__What to do__: Give the entries again in full. Nothing may be altered.

******

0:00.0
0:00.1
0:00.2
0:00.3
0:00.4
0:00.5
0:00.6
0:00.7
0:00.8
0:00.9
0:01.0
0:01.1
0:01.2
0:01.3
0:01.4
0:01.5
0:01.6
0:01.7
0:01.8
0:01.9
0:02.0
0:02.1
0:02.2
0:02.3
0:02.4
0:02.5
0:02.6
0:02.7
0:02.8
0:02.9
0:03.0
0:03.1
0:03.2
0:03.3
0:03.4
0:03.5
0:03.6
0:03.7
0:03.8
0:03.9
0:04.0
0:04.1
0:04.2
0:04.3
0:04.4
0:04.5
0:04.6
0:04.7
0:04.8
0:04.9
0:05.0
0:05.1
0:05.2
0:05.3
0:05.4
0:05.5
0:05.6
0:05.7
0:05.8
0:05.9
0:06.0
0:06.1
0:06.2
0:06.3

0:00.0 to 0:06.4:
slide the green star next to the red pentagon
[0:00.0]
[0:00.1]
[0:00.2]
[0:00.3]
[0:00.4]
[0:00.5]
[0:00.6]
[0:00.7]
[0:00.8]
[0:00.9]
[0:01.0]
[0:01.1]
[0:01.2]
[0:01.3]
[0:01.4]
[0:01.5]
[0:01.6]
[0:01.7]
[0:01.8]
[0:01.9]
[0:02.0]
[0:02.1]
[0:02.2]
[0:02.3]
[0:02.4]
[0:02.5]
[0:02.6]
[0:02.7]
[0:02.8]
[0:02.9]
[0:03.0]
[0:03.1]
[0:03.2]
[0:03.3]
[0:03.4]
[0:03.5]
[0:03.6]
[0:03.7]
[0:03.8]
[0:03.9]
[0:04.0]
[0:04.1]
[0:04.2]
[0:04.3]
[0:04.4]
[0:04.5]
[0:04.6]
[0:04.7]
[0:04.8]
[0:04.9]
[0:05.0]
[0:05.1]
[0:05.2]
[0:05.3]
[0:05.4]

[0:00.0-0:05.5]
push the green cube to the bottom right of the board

******

__Answer space__:
0:00.0
0:00.1
0:00.2
0:00.3
0:00.4
0:00.5
0:00.6
0:00.7
0:00.8
0:00.9
0:01.0
0:01.1
0:01.2
0:01.3
0:01.4
0:01.5
0:01.6
0:01.7
0:01.8
0:01.9
0:02.0
0:02.1
0:02.2
0:02.3
0:02.4
0:02.5
0:02.6
0:02.7
0:02.8
0:02.9
0:03.0
0:03.1
0:03.2
0:03.3
0:03.4
0:03.5
0:03.6
0:03.7
0:03.8
0:03.9
0:04.0
0:04.1
0:04.2
0:04.3
0:04.4
0:04.5
0:04.6
0:04.7
0:04.8
0:04.9
0:05.0
0:05.1
0:05.2
0:05.3
0:05.4
0:05.5
0:05.6
0:05.7
0:05.8
0:05.9
0:06.0
0:06.1
0:06.2
0:06.3

0:00.0 to 0:06.4:
slide the green star next to the red pentagon
[0:00.0]
[0:00.1]
[0:00.2]
[0:00.3]
[0:00.4]
[0:00.5]
[0:00.6]
[0:00.7]
[0:00.8]
[0:00.9]
[0:01.0]
[0:01.1]
[0:01.2]
[0:01.3]
[0:01.4]
[0:01.5]
[0:01.6]
[0:01.7]
[0:01.8]
[0:01.9]
[0:02.0]
[0:02.1]
[0:02.2]
[0:02.3]
[0:02.4]
[0:02.5]
[0:02.6]
[0:02.7]
[0:02.8]
[0:02.9]
[0:03.0]
[0:03.1]
[0:03.2]
[0:03.3]
[0:03.4]
[0:03.5]
[0:03.6]
[0:03.7]
[0:03.8]
[0:03.9]
[0:04.0]
[0:04.1]
[0:04.2]
[0:04.3]
[0:04.4]
[0:04.5]
[0:04.6]
[0:04.7]
[0:04.8]
[0:04.9]
[0:05.0]
[0:05.1]
[0:05.2]
[0:05.3]
[0:05.4]

[0:00.0-0:05.5]
push the green cube to the bottom right of the board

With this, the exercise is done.